## YOUR GOAL
Write out every line exactly, from the start of the records below to the line with "7.938L52.943 8.838C53.012 8.238", and stop there. Don't write out the pictures.
______________________________
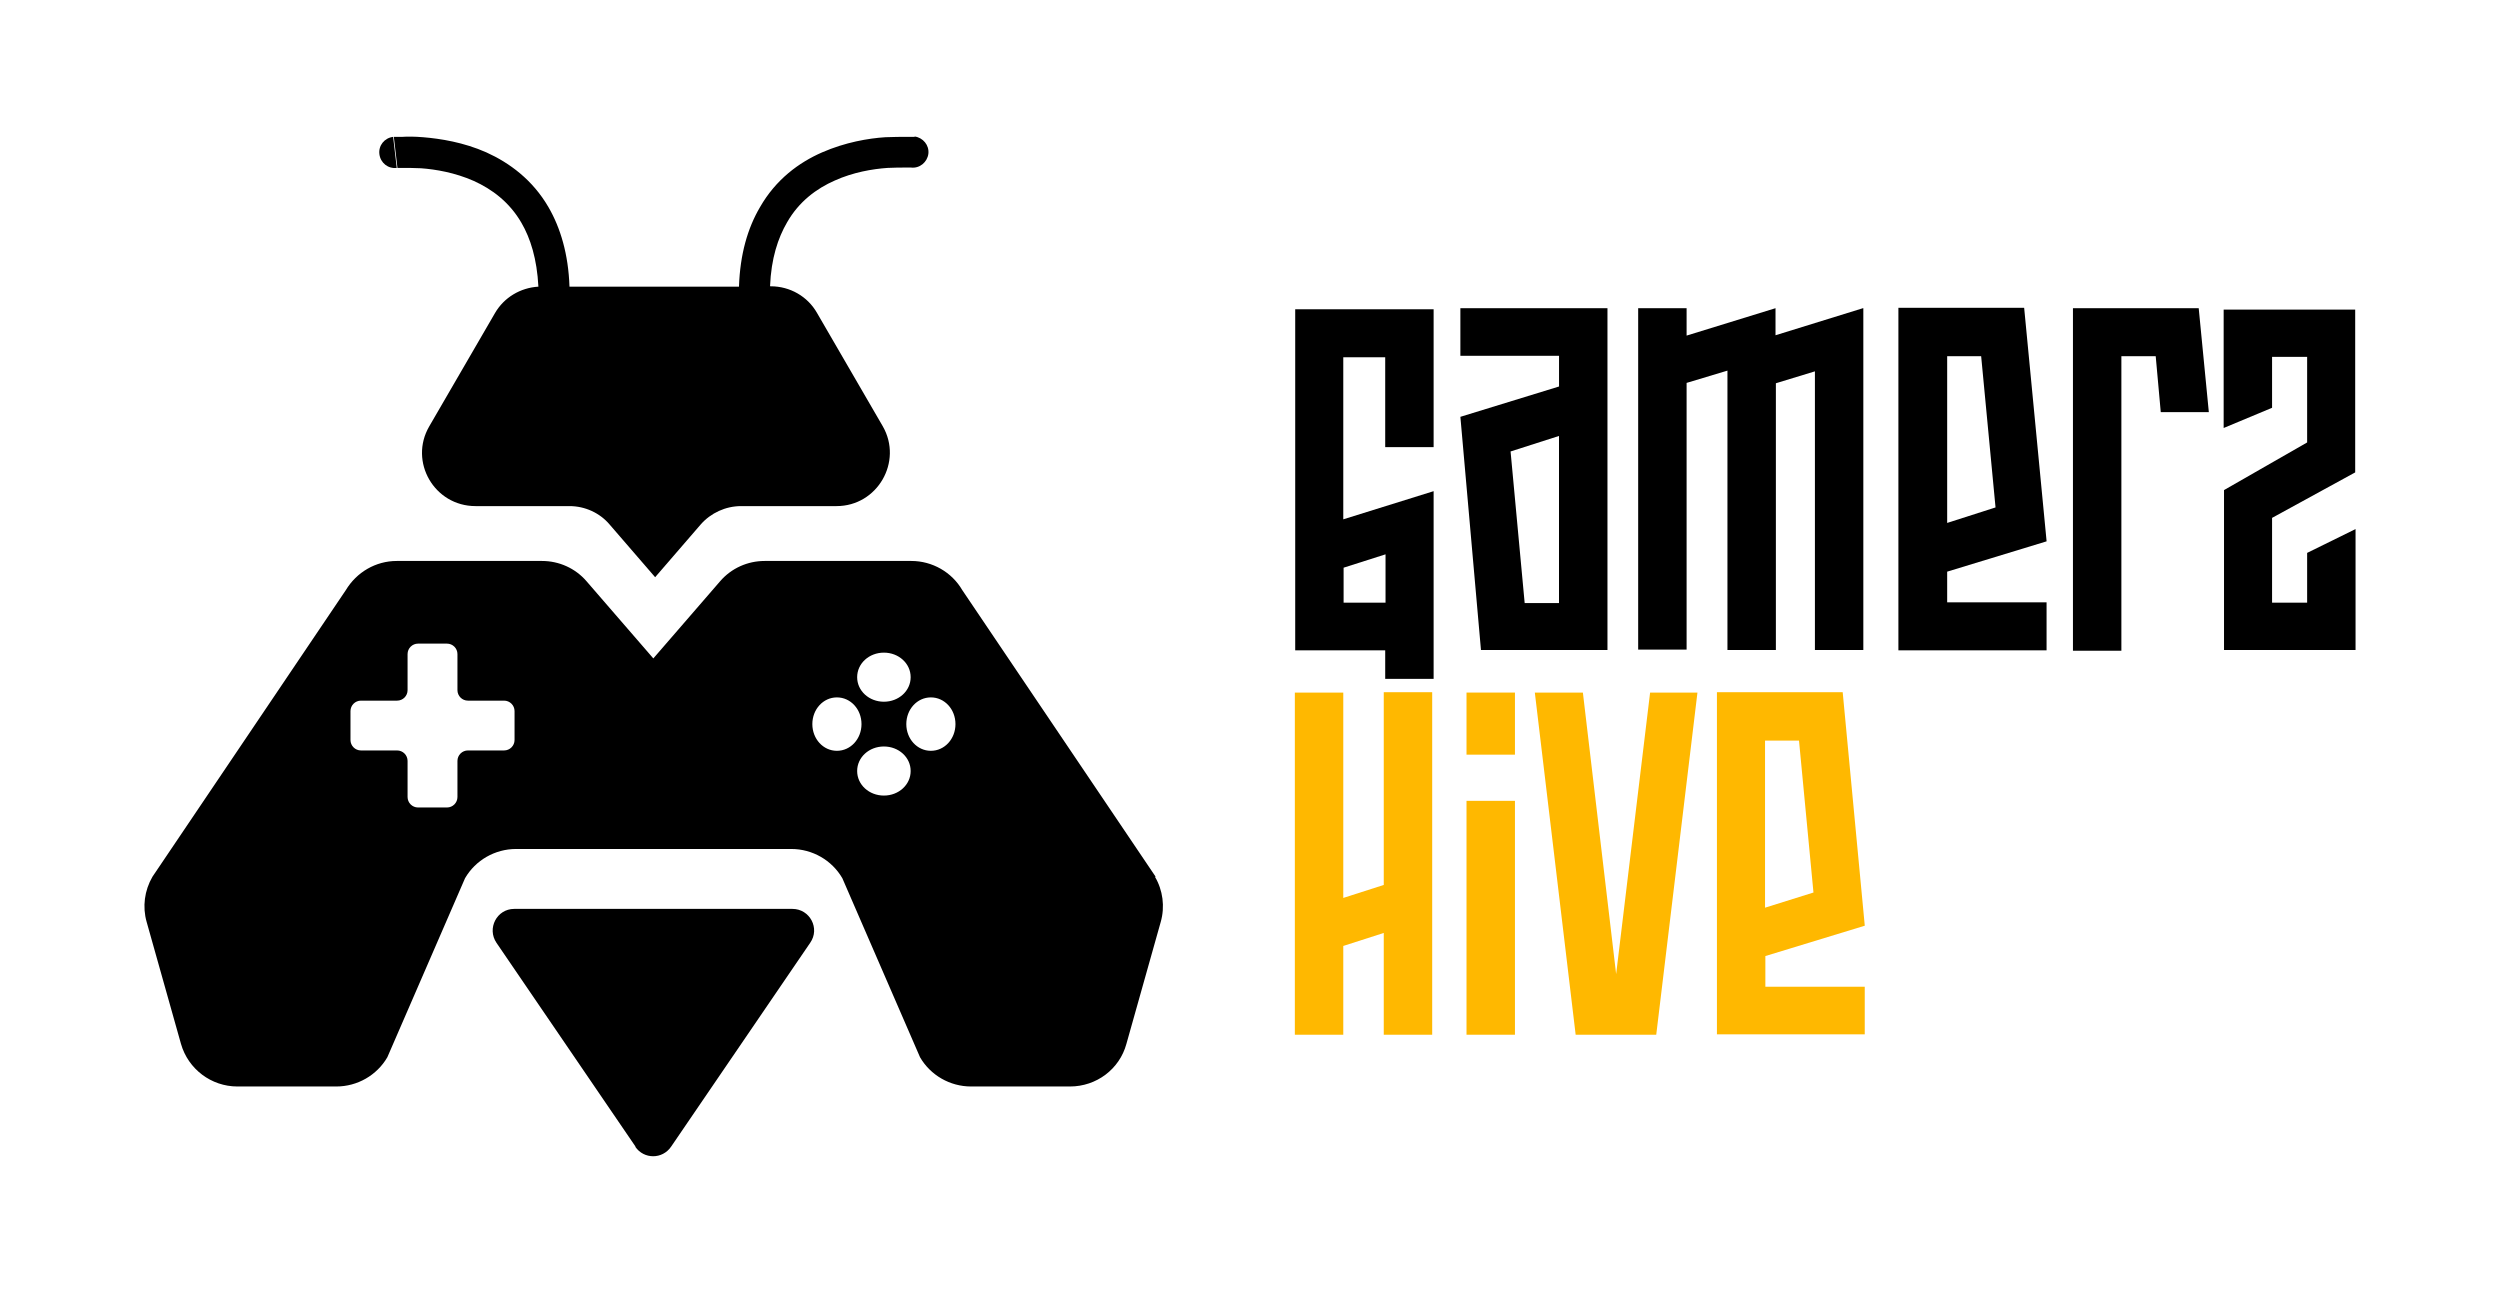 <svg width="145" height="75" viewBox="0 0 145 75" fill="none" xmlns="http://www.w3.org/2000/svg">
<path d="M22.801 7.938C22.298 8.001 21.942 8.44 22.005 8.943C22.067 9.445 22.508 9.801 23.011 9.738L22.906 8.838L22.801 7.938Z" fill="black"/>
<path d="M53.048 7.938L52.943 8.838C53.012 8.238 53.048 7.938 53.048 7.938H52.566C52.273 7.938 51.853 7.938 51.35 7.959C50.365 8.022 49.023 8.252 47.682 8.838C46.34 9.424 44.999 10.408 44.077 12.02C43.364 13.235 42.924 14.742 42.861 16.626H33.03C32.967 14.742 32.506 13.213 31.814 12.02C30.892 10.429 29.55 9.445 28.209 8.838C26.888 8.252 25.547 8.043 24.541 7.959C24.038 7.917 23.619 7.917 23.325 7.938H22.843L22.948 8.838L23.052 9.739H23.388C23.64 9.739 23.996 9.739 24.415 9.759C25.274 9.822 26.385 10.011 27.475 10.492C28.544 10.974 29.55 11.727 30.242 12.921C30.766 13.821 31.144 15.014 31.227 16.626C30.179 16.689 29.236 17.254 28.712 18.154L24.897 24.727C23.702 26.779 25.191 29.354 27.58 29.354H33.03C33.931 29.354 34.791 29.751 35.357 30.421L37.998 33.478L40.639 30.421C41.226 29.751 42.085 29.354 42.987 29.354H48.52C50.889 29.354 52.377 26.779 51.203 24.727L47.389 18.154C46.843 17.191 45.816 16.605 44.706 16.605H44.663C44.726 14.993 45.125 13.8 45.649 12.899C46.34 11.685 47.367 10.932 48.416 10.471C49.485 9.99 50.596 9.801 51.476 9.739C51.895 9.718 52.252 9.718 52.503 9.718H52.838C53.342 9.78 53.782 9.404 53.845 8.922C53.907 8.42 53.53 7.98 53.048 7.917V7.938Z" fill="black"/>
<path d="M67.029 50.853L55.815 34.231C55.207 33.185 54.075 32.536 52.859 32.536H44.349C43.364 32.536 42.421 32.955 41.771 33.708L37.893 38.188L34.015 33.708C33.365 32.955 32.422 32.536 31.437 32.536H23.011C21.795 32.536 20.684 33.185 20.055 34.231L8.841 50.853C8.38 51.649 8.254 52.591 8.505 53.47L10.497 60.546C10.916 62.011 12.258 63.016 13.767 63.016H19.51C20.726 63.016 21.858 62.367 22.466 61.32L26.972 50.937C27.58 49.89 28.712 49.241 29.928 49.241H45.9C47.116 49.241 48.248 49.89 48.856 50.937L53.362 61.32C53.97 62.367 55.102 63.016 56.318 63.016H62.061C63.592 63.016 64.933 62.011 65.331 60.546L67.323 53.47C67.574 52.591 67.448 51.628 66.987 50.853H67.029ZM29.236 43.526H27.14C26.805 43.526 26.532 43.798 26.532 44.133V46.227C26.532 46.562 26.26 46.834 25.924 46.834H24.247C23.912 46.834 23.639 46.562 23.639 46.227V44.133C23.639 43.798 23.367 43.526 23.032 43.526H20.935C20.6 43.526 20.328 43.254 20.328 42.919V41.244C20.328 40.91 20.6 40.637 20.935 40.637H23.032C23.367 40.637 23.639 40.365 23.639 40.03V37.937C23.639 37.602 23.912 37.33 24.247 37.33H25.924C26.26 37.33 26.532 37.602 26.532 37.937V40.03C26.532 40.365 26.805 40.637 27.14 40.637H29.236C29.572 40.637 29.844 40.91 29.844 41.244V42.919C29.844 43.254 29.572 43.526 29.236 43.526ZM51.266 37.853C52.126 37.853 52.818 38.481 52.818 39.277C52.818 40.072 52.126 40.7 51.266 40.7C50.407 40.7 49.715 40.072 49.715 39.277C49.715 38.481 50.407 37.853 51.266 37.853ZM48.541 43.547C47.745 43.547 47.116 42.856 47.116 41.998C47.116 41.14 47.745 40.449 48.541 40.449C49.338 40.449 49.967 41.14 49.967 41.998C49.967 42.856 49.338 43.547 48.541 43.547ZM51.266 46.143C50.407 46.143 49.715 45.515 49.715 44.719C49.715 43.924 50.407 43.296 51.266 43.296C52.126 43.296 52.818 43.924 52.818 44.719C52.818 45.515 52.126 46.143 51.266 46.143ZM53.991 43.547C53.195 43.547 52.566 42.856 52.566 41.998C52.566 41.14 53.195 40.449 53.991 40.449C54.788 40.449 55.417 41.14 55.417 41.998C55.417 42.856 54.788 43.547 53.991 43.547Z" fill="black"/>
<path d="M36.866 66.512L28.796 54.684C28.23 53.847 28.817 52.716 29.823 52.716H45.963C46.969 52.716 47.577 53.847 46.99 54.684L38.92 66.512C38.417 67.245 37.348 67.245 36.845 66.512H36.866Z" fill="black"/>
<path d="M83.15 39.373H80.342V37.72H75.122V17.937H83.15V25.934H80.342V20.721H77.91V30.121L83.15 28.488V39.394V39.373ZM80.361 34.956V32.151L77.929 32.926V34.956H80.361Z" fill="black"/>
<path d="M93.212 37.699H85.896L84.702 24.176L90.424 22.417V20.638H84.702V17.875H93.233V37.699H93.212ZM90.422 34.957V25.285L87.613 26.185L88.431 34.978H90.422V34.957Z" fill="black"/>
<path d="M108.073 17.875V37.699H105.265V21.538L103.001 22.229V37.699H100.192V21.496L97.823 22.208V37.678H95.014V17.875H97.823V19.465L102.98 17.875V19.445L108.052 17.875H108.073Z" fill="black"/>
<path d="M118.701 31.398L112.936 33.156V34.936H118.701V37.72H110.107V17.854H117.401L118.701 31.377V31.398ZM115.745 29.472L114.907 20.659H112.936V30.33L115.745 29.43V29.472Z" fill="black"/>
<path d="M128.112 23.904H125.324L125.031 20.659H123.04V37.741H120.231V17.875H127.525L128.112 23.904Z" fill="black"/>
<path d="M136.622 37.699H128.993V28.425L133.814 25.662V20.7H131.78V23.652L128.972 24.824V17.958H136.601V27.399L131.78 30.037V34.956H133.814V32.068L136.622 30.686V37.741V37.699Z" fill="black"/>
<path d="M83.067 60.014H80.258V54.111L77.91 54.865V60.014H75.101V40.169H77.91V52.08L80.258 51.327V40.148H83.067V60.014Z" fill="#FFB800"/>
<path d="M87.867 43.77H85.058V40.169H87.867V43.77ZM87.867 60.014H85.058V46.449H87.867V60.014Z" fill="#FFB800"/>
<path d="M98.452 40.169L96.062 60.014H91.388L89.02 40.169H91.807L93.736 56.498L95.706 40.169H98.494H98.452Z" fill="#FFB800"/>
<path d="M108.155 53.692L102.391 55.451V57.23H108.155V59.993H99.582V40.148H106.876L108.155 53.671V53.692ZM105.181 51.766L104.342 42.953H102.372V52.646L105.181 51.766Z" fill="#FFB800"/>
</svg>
______________________________
## TASK ANSWER
 <svg width="145" height="75" viewBox="0 0 145 75" fill="none" xmlns="http://www.w3.org/2000/svg">
<path d="M22.801 7.938C22.298 8.001 21.942 8.44 22.005 8.943C22.067 9.445 22.508 9.801 23.011 9.738L22.906 8.838L22.801 7.938Z" fill="black"/>
<path d="M53.048 7.938L52.943 8.838C53.012 8.238 53.048 7.938 53.048 7.938H52.566C52.273 7.938 51.853 7.938 51.35 7.959C50.365 8.022 49.023 8.252 47.682 8.838C46.34 9.424 44.999 10.408 44.077 12.02C43.364 13.235 42.924 14.742 42.861 16.626H33.03C32.967 14.742 32.506 13.213 31.814 12.02C30.892 10.429 29.55 9.445 28.209 8.838C26.888 8.252 25.547 8.043 24.541 7.959C24.038 7.917 23.619 7.917 23.325 7.938H22.843L22.948 8.838L23.052 9.739H23.388C23.64 9.739 23.996 9.739 24.415 9.759C25.274 9.822 26.385 10.011 27.475 10.492C28.544 10.974 29.55 11.727 30.242 12.921C30.766 13.821 31.144 15.014 31.227 16.626C30.179 16.689 29.236 17.254 28.712 18.154L24.897 24.727C23.702 26.779 25.191 29.354 27.58 29.354H33.03C33.931 29.354 34.791 29.751 35.357 30.421L37.998 33.478L40.639 30.421C41.226 29.751 42.085 29.354 42.987 29.354H48.52C50.889 29.354 52.377 26.779 51.203 24.727L47.389 18.154C46.843 17.191 45.816 16.605 44.706 16.605H44.663C44.726 14.993 45.125 13.8 45.649 12.899C46.34 11.685 47.367 10.932 48.416 10.471C49.485 9.99 50.596 9.801 51.476 9.739C51.895 9.718 52.252 9.718 52.503 9.718H52.838C53.342 9.78 53.782 9.404 53.845 8.922C53.907 8.42 53.53 7.98 53.048 7.917V7.938Z" fill="black"/>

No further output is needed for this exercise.